__EXERCISE REQUIREMENTS__.
In your copy, leave out the pictures and output only the lines from the one holding "Vraag: Op welk" through the end of the data below, exactly.

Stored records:

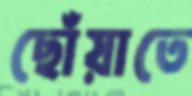
ছোঁয়াতে
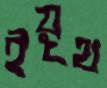
ইয়ূথ
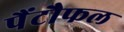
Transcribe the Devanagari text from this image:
पैंटौफल
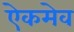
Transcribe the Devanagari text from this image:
ऐकमेव
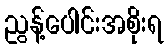
ညွန့်ပေါင်းအစိုးရ
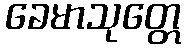
ခေမာသုတ္တေ
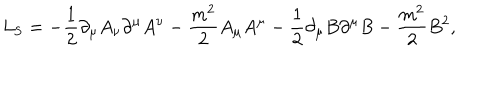
LaTeX: L _ { \mathrm { S } } = \mathrm { } - \frac { 1 } { 2 } \partial _ { \mu } A _ { \nu } \partial ^ { \mu } A ^ { \nu } - \frac { m ^ { 2 } } { 2 } A _ { \mu } A ^ { \mu } - \frac { 1 } { 2 } \partial _ { \mu } B \partial ^ { \mu } B - \frac { m ^ { 2 } } { 2 } B ^ { 2 } ,
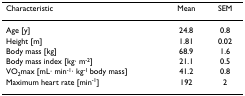
| Characteristic | Mean | SEM |
 | --- | --- | --- |
 | Age [y] | 24.8 | 0.8 |
 | Height [m] | 1.81 | 0.02 |
 | Body mass [kg] | 68.9 | 1.6 |
 | Body mass index [kg· m-2] | 21.1 | 0.5 |
 | VO2max [mL· min-1· kg-1 body mass] | 41.2 | 0.8 |
 | Maximum heart rate [min-1] | 192 | 2 |
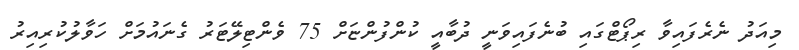
މިއަދު ނެެރެފައިވާ ރިޕޯޓްގައި ބުނެފައިވަނީ ދުބާއީ ކުންފުންޏަށް 75 ވެންޓިލޭޓަރު ގެނައުމަށް ހަވާލުކުރިއިރު
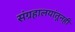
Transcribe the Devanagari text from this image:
संग्रहालयांतूनही
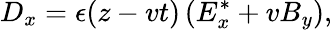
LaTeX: D_{x}=\epsilon(z-vt)\left(E_{x}^{*}+vB_{y}\right),
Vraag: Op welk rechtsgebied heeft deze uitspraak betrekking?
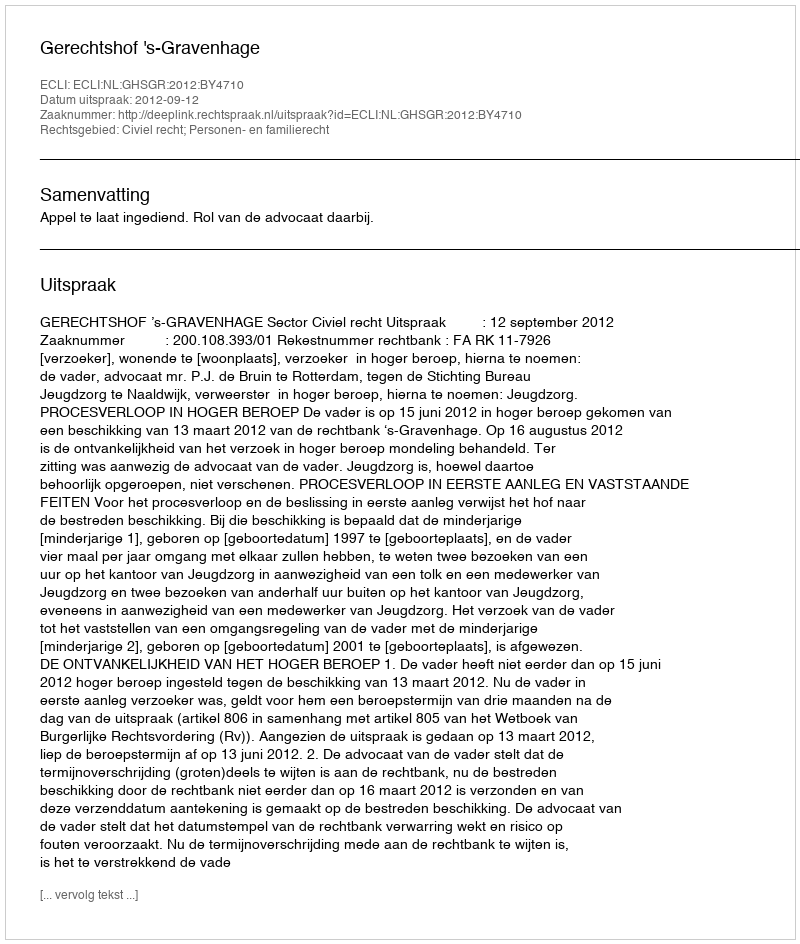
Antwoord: Civiel recht; Personen- en familierecht

__EXPECTED ANSWER__.
Vraag: Op welk rechtsgebied heeft deze uitspraak betrekking?
Antwoord: Civiel recht; Personen- en familierecht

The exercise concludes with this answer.